Other modules such as ssi rpi tcp work fine across nodes and using all
processors. I.e.
mpirun ssi rpi tcp C full_path_to_application
I read the documentation (user and installation) and I don't know if the
problem has to do with the memory that needs to be pinned, Ib port problem,
HCA problem, memory manager,.I am a bit lost.
Then I found a file under LAM_installation_path/etc/lam-ssi-rpi-ib-helpfile
Which contents I am dumping here:
------------------------------------------------------------
-*-rpi-ib:malloc-fail-*-
# Invoked when malloc fails.
# %1 = data struct for which malloc failed
LAM encountered an error when invoking the library call "malloc".
This happenned when trying to create "%1". Aborting!
-*-rpi-ib:hca-hndl-fail-*-
# Called when hca_get_hndl fails in IB
LAM was not able to get an HCA handle for Infiniband hardware. Aborting!
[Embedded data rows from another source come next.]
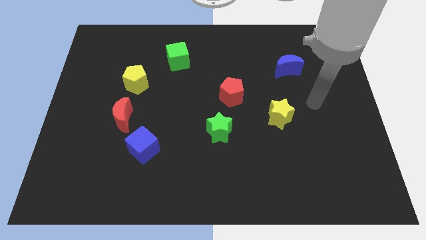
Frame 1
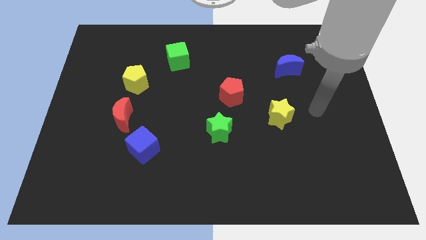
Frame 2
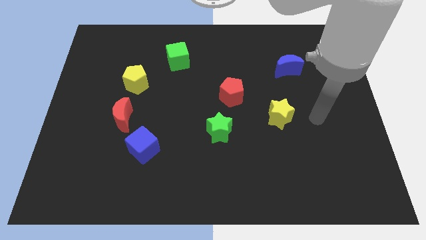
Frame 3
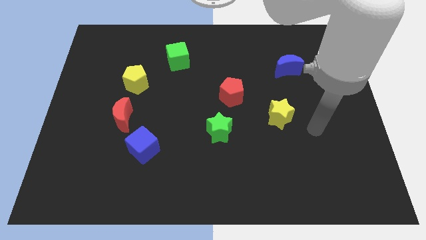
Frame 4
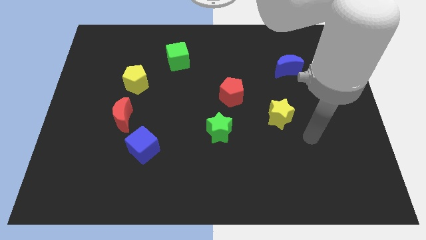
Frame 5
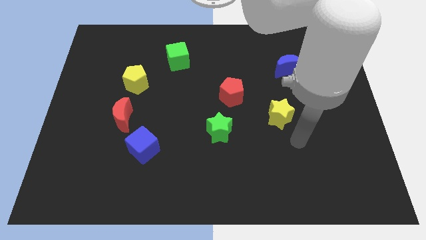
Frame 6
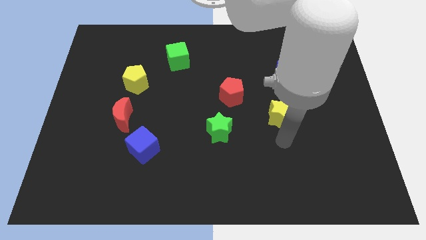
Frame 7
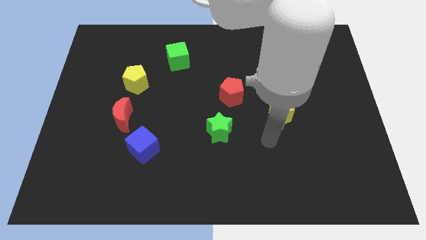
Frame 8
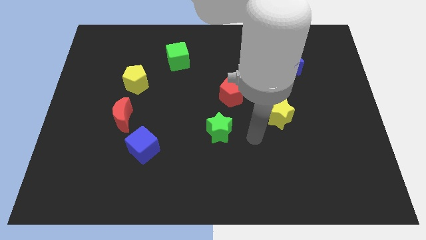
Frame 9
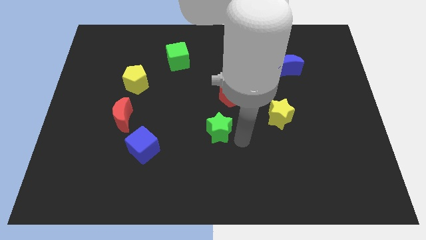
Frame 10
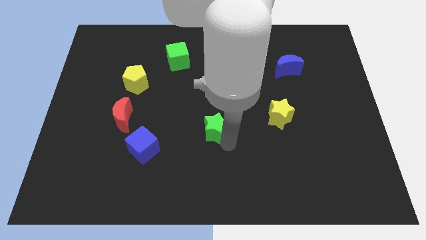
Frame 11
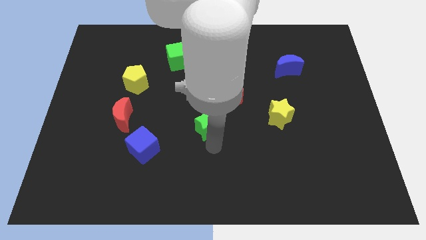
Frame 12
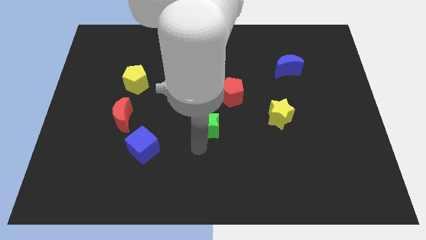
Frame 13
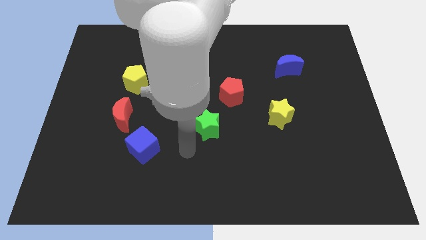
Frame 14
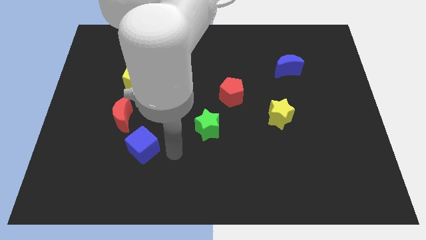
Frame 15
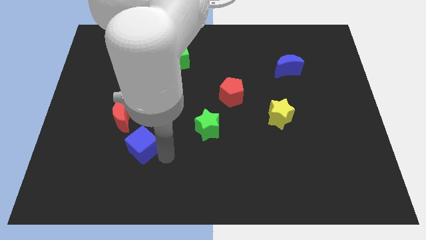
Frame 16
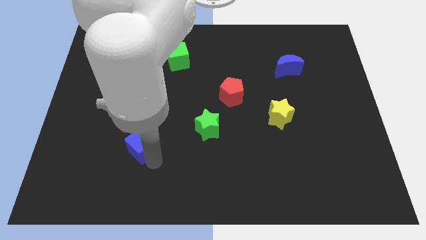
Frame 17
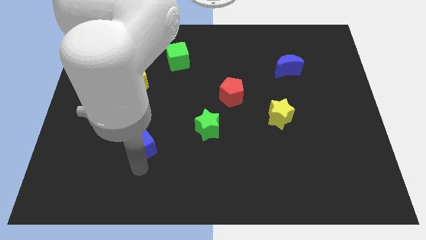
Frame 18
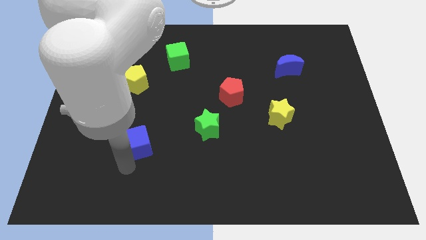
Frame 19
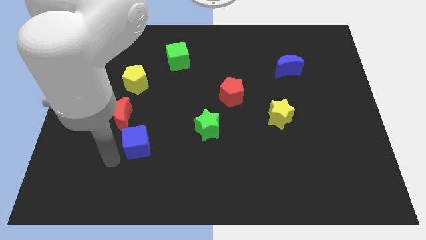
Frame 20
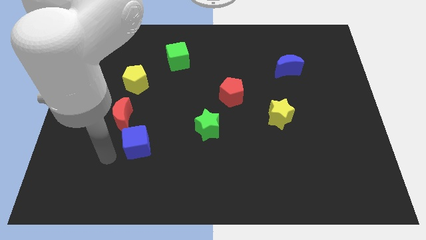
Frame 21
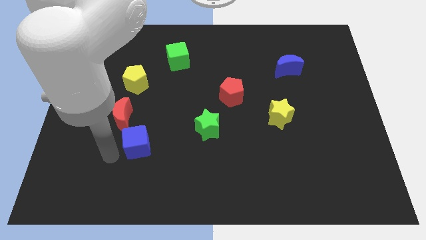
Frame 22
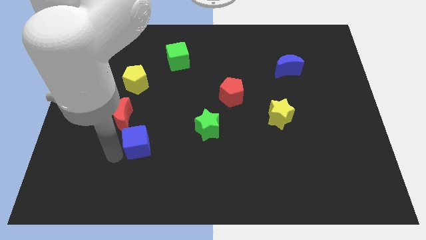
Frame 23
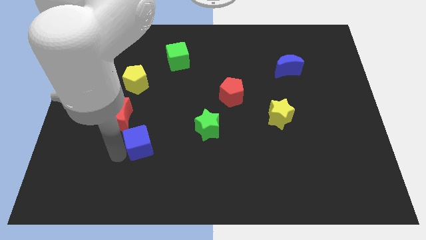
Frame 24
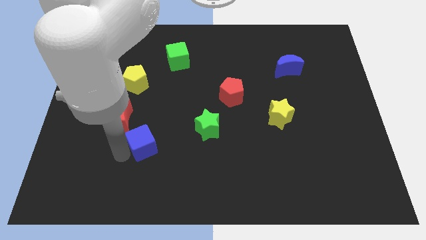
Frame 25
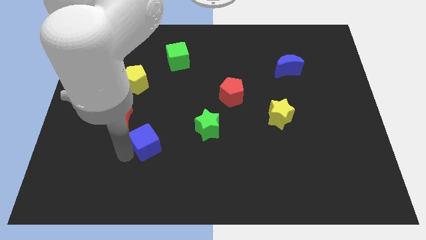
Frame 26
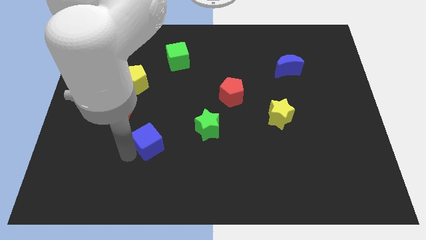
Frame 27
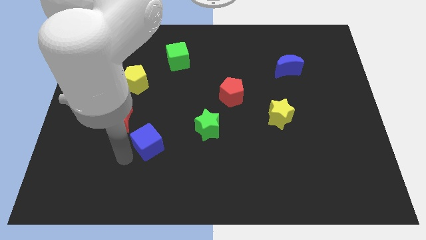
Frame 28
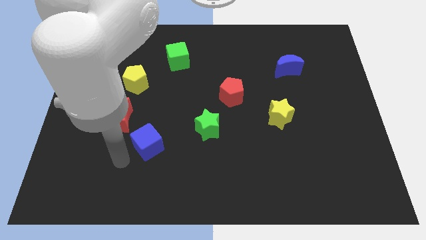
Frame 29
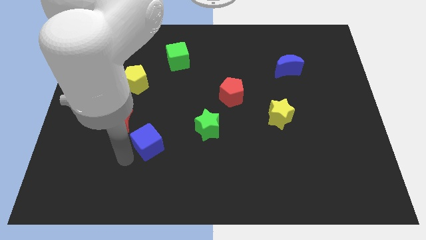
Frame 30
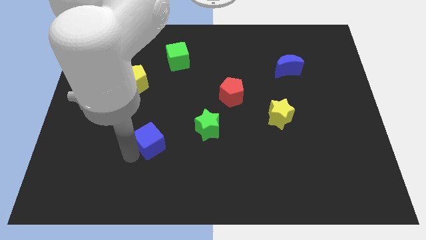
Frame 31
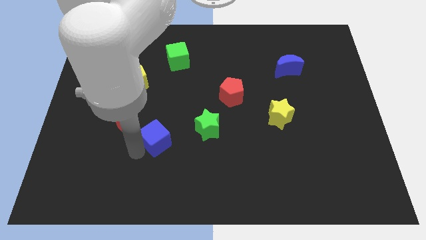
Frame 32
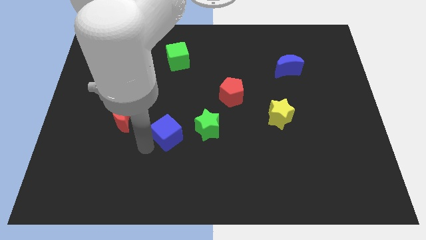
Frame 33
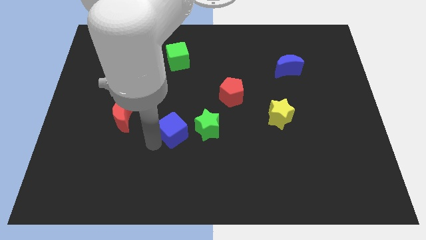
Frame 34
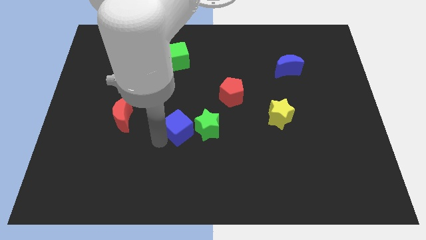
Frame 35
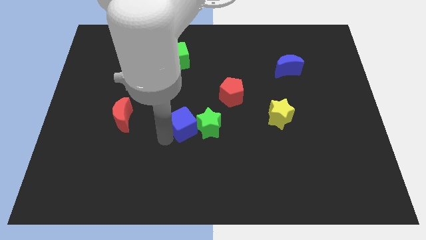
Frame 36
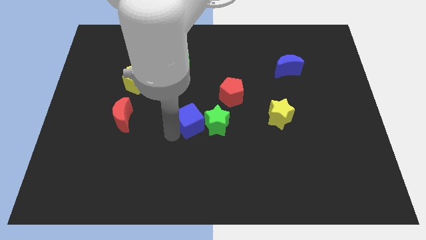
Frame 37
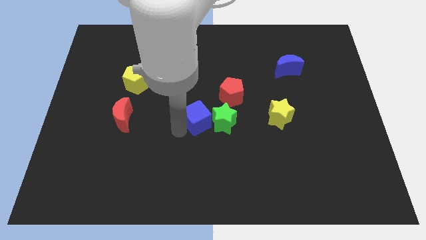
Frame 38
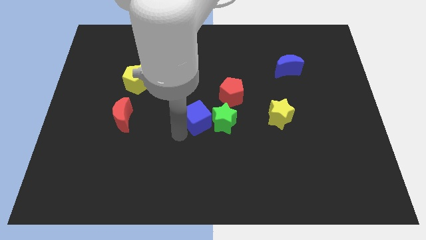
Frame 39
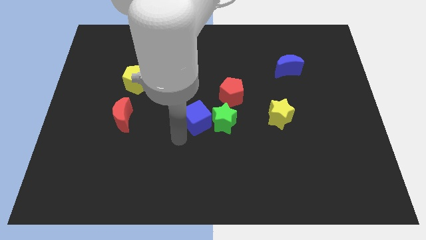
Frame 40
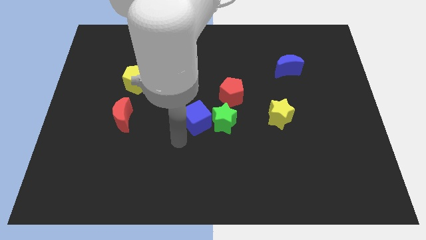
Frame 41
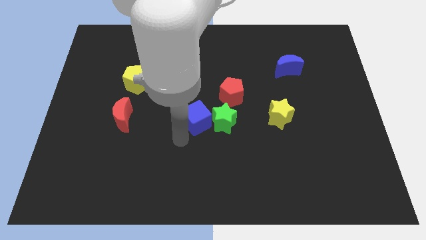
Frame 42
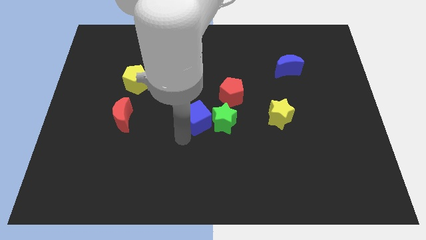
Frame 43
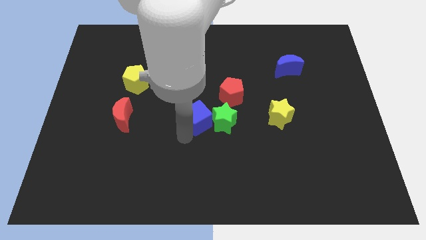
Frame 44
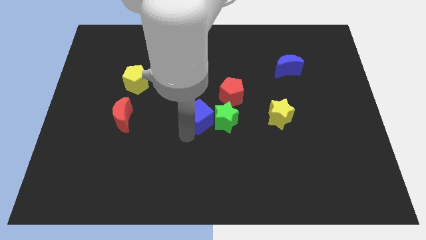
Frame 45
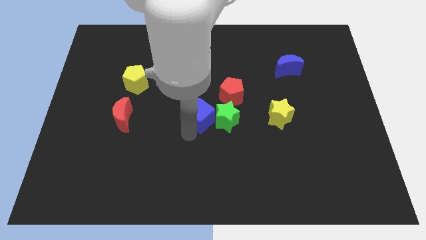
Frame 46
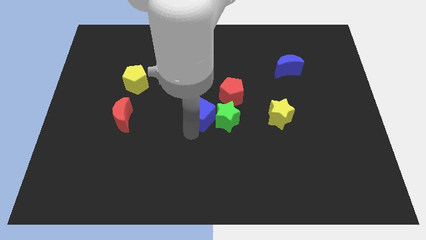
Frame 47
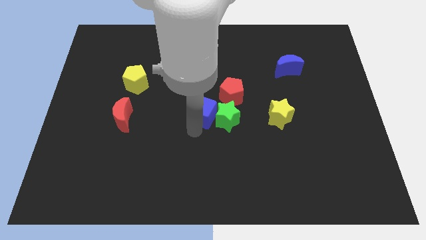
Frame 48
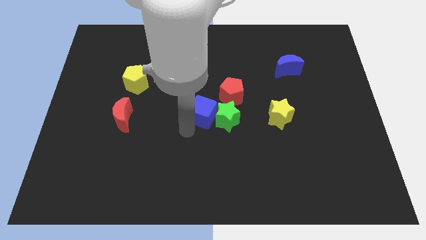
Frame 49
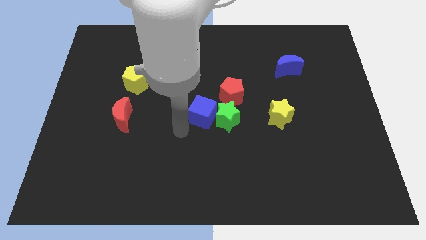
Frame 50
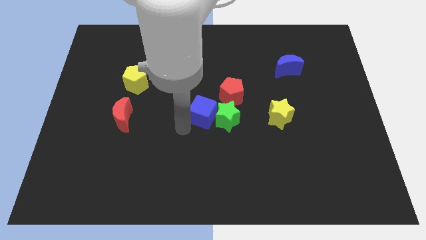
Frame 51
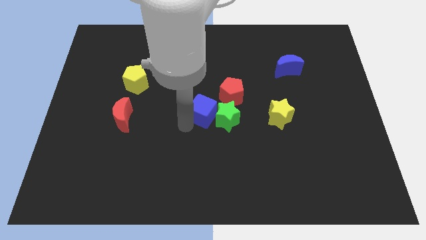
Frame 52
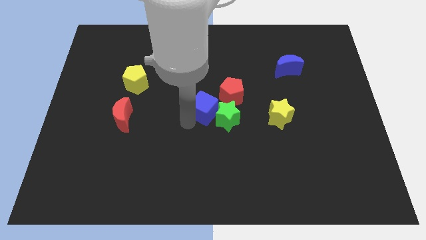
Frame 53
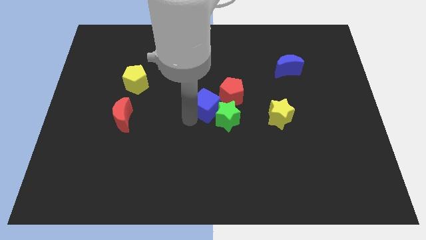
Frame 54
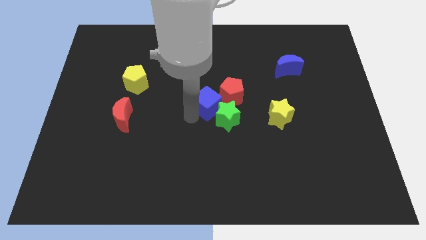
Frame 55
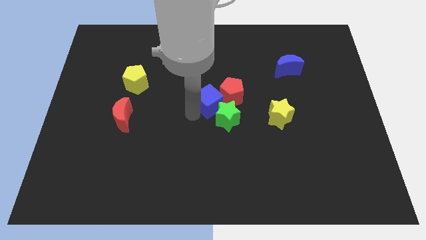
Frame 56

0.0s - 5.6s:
move the blue cube close to the red pentagon

-*-rpi-ib:this-port-not-free-*-
It seems that the Infiniband port "%1" is busy or not
active. Aborting!
-*-rpi-ib:no-free-port-*-
LAM could not get a free port on Infiniband. All the ports seem to be
in use now. Aborting!
-*-rpi-ib:interval-init-fail-*-
LAM failed while initialization of the data structures required for
management of registered memory intervals. This may be because of
malloc failing due to lack of memory space. Aborting!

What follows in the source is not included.